“Abah itu Superman.” Saya ingat betul ucapan itu. Saya sampaikan dalam sebuah wawancara televisi sekian tahun yang lalu, ketika ada liputan keluarga saya terkait Abah saya.
Saya lalu menjabarkannya: Menurut saya, “berkah” utama dari Yang di Atas untuk Abah saya bukanlah kecerdasannya. Kekuatan utama Abah saya adalah ketahanan fisiknya.
Cerdas, kalau fisiknya lemah, hanya bisa berfungsi sekian waktu. Abah begitu kuat secara fisik, dia bisa terus menggunakan kemampuan berpikirnya sepanjang waktu. Ketika orang lain tidur dan menghentikan kegunaannya sementara, Abah masih melek dan berfungsi, terus berguna untuk banyak orang.

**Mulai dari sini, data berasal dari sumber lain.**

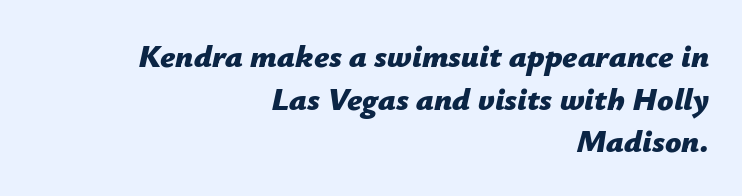
Descenders are the only things crossing below the line. You'd pick this weight for a headline — it's a proper bold. A flush-right, rag-left setting is used for this passage. Glyph-to-glyph distance matches everyday printed text. Italic: yes, the glyphs are oblique. The vertical gap from one line to the next is medium.
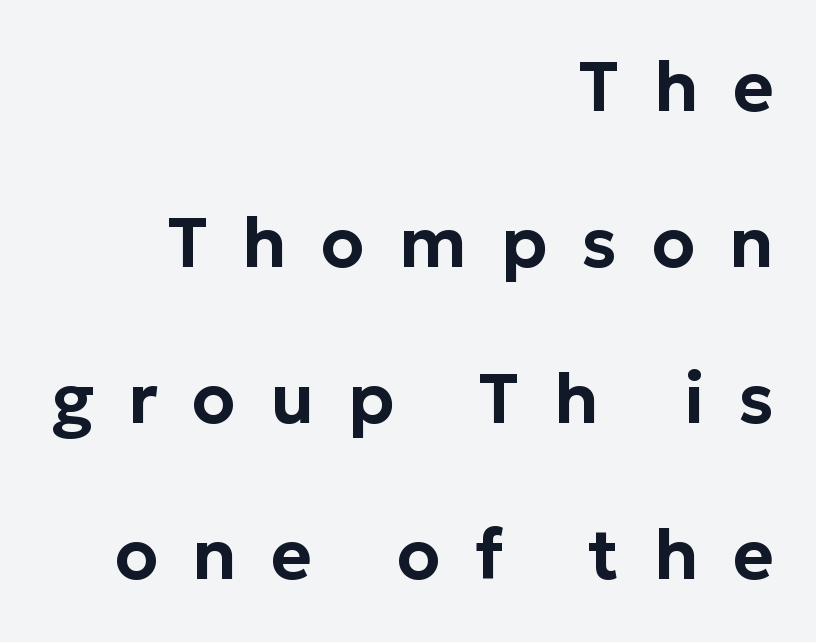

Tidak banyak orang seperti ini. Yang begitu kuat, tidak bisa lelah berpikir dan berbuat. Dan Abah melakukan ini seumur hidupnya. Bayangkan, selama puluhan tahun di masa “emasnya,” dia paling hanya tidur empat jam sehari!
Kekuatan fisiknya mampu mengimbangi kemampuan berpikirnya.
Karena itu, saya tegaskan, Abah saya itu Superman. Di komik ada Clark Kent, di keluarga saya ada Dahlan Iskan.
Minggu lalu (10 Januari), kabar itu menyebar ke mana-mana. Abah saya positif Covid-19. Apakah kami terkejut? Antara ya dan tidak. Terkejut, karena dari kami semua, justru Abah yang “kena” duluan. Tidak terkejut, karena virus ini sudah begitu ke mana-mana, sudah begitu lama kami bicara kalau virus ini “sudah semakin dekat.”
Sejak pandemi ini dimulai, saya dan adik saya (Isna), serta keluarga kami masing-masing, sudah punya kesepakatan tidak terucap: Bahwa yang paling harus diproteksi adalah Abah dan Ibu.
Karena itu, sejak pandemi dimulai, kami termasuk jarang bertemu langsung dengan Abah dan Ibu. Kalau berkunjung ke rumah mereka, termasuk hati-hati dalam menjaga jarak. Walau sebenarnya tidak hati-hati juga, karena cucu-cucu sering ke sana, dan cucu-cucu pasti bersama kami di rumah.
Dari semua, saya seharusnya paling berisiko. Selain masih beraktivitas, saya juga sangat rutin gowes. Bahkan, karena pandemi membuat saya tidak traveling sebanyak sebelumnya, gowesnya jadi lebih rutin lagi.
Karena itu, saya termasuk paling rutin dites di keluarga saya. Ikut protokol tim sepak bola yang saya kelola, kalau mereka tes, saya juga tes. Kantor lain saya juga menjaga protokol. Malah di kafe dan galeri sepeda, karyawannya dites sangat rutin (bikin karyawan tegang hampir setiap dua pekan). Kalau ke Jakarta saya naik mobil, tidak naik kendaraan umum.